How (bio)technology is developed and applied.
New medical technolologies do not start or finish with an ‘invention’ .
New therapeutic ideas take years or decades to develop to the point of invention, and then usually take 20 years from there to get to general application.
Generally, scientists understand that it takes years, decades, sometimes a century of ‘basic’ research to create the knowledge on which a new invention is built. Monoclonal antibodies could not be invented until people knew what antibodies were, what cells made them, what cells were and so on. But the long lag between the ‘invention’ of monoclonals and their routine use in medicine is a bit more unexpected. I have been looking at why this happens, and why the forecasts that a breakthrough will ‘result in new treatments “within 10 years” are almost always wrong. This article is a first bash at articulating the problem. Which, as usual, is not about technology, it is about people.

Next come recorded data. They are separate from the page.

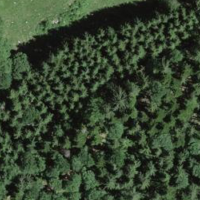
EUNIS habitat code: 43
Species observed at this site:
Tussilago farfara
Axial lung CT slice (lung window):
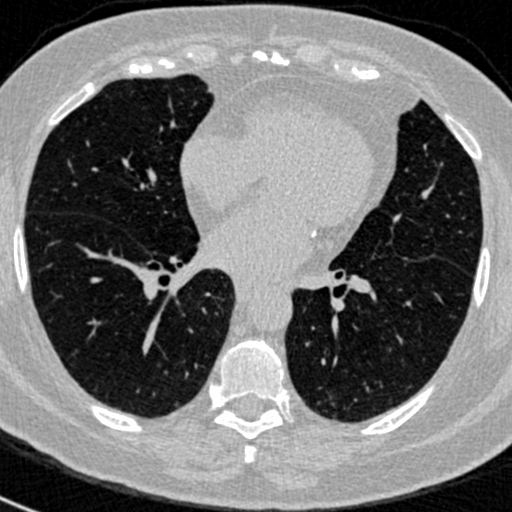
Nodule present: no
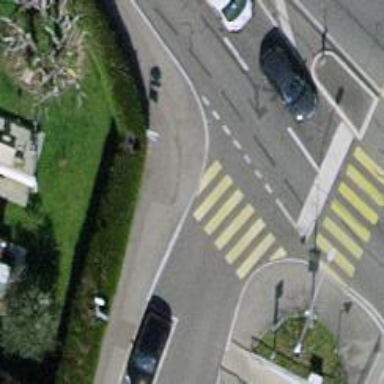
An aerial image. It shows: Kerb serving as barrier.
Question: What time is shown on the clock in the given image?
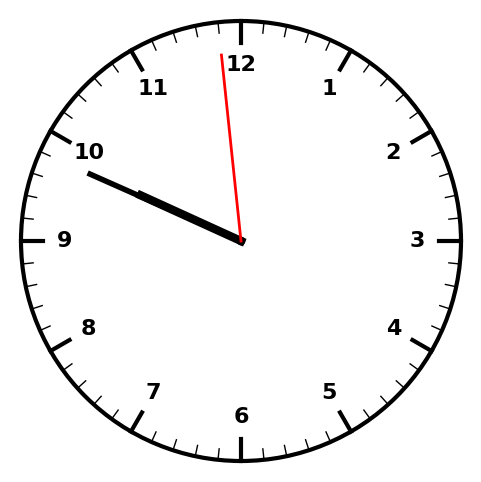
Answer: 09:48:59

Developing and applying therapeutic technologies follows a different course from research technologies, and from non-biological, non-medical products. A new generation of mobile phone is designed, built, marketed, sold and becomes obsolescent in about 3 years. DNA sequencing doubles in speed (or halves in cost) every 18 months. But these are not biotechnologies. They are (respectively) physics and chemistry. If we had to get your liver to receive 4G video messaging, the rate of change would be much slower
(Incidently, the comparison is also not valid. A ‘new generation’ of mobile phone means a minor extension of already well-known technology and its social application. It is not comparable to a ‘new generation’ of, say, wheat, or discovery of the first anti-AIDS drug. This is part of the fallacy in the ‘Singularity’ concept. Another aspect of my study of this field is to make clear that in almost all fields technological advance is slowing down, not speeding up.)

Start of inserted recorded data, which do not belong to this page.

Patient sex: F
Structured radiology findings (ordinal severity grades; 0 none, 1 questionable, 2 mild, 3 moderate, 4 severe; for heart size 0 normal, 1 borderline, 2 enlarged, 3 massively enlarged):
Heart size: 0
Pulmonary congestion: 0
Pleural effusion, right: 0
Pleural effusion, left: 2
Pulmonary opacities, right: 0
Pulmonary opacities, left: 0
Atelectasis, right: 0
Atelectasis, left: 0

This is a work in progress. The predictions made here about siRNA have been bourne out in the subsequent 5 years, so I am not completely off track. I hope to be able to put a more thorough analysis up one day – meanwhile if you have a great example of a biomedical technology’s development to application to humans that does, or does not, fit with the timetables described in the article, I would like to know about it. But not DNA sequencing.